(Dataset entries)

>>>>>

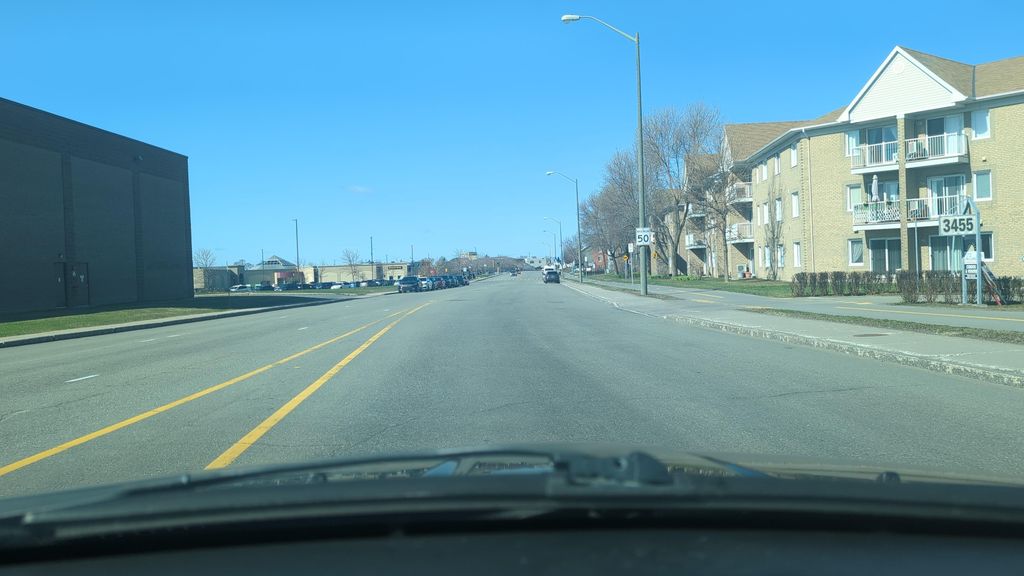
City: quebec_city
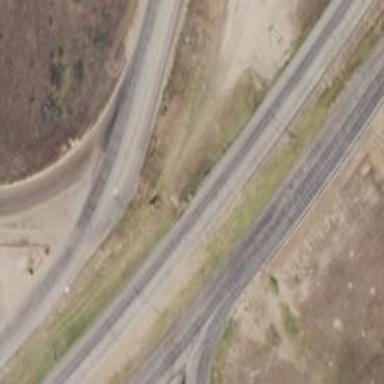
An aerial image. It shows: Secondary road with frontage access.
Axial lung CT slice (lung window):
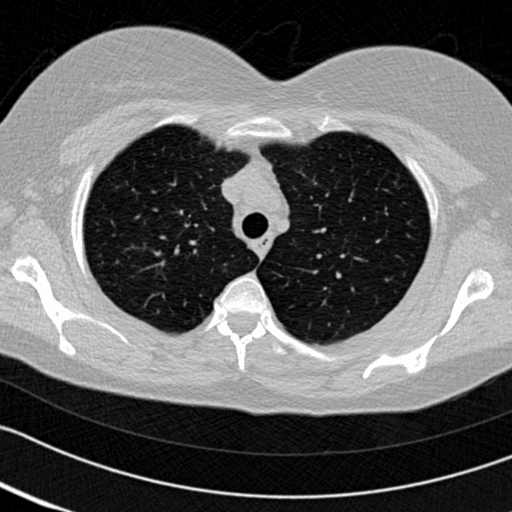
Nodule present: no
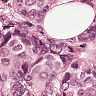
Metastatic tissue present: yes
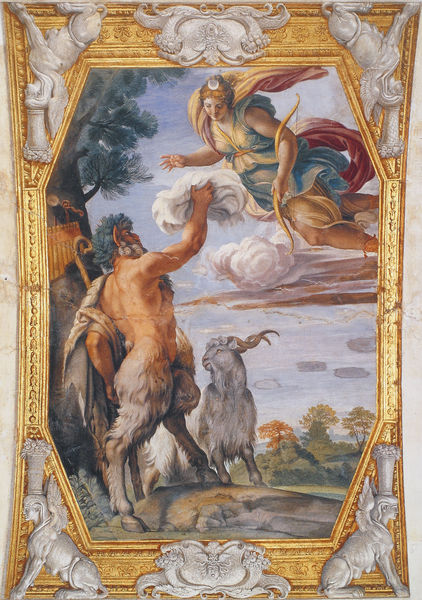
Titel: Deckenfresken der Galleria Farnese
Künstler: Annibale Carracci
Standort: Rom, Palazzo Farnese (EU - I - Latium)
Schlagwörter: baum, blau, gemälde, himmel, mann, wolken, bäume, landschaft, tier, wolke, barock, rahmen, bild, horn, gold, engel, fell, hufe, bogen, stuck, antike, mondsichel, mythologie, göttin, teufel, satyr, faun, pan, zentaur, griechenland, doch, übergabe, hörner, bock, ziegenbock, pfeil, ziege, mythen, diana, armor, sphinx, sphynx, kassette, weingott, pfeil und bogen, ond, sphiny, centaure, fick, satir, silene, amur, jo, jkdlj, agjo, jooergr, deiana, +fels, klumpfuß
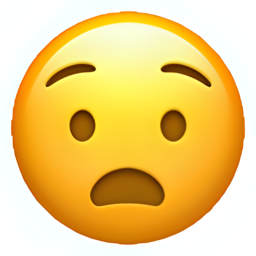
Name: anguished face
Emoji: 😧
Group: Smileys & Emotion
Sub-group: face-concerned
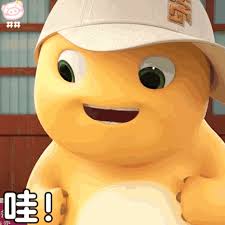
Label: nailong
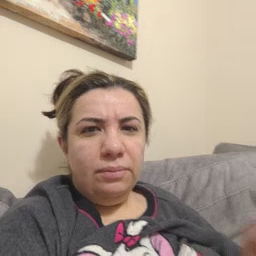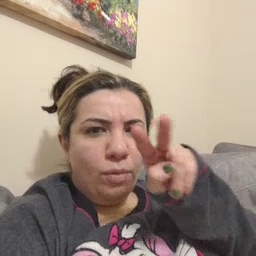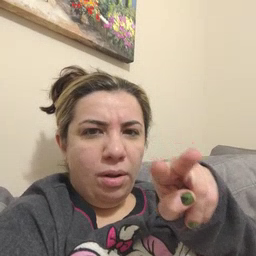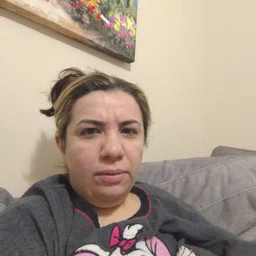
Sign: look
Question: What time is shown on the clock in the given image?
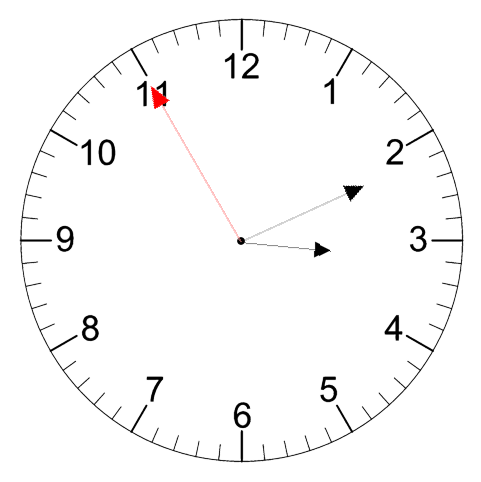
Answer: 03:10:55
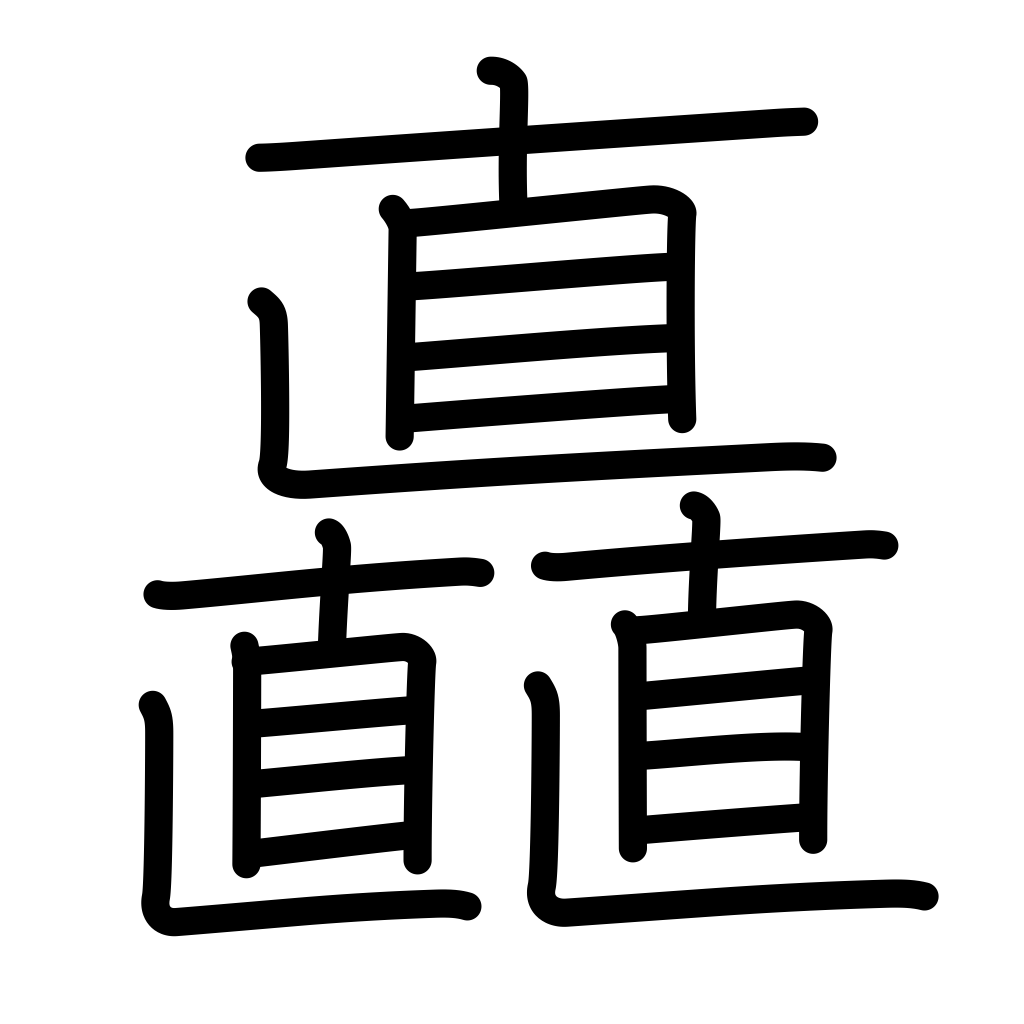
Meaning: luxuriance
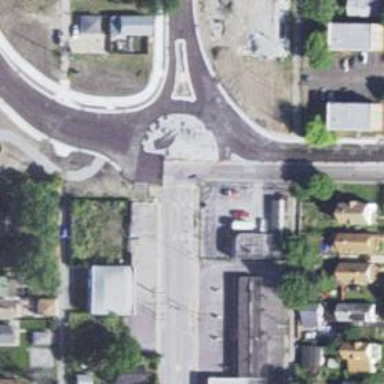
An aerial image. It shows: Secondary road leading to roundabout.
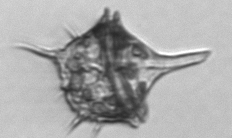
Label: Amylax
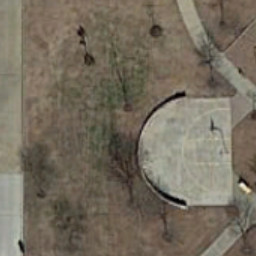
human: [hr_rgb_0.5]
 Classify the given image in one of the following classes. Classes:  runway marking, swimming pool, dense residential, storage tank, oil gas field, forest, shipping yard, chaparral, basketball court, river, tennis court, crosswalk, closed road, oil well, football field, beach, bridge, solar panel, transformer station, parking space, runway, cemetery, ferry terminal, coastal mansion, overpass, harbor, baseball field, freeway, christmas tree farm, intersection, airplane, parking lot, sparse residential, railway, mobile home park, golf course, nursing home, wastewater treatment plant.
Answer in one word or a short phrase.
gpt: basketball court
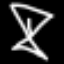
Label: hourglass

<<<<<

[YOUR OBJECTIVE] Show all lines above containing "given".

[ANSWER TO THE PROBLEM]
Question: What time is shown on the clock in the given image?
 Classify the given image in one of the following classes. Classes:  runway marking, swimming pool, dense residential, storage tank, oil gas field, forest, shipping yard, chaparral, basketball court, river, tennis court, crosswalk, closed road, oil well, football field, beach, bridge, solar panel, transformer station, parking space, runway, cemetery, ferry terminal, coastal mansion, overpass, harbor, baseball field, freeway, christmas tree farm, intersection, airplane, parking lot, sparse residential, railway, mobile home park, golf course, nursing home, wastewater treatment plant.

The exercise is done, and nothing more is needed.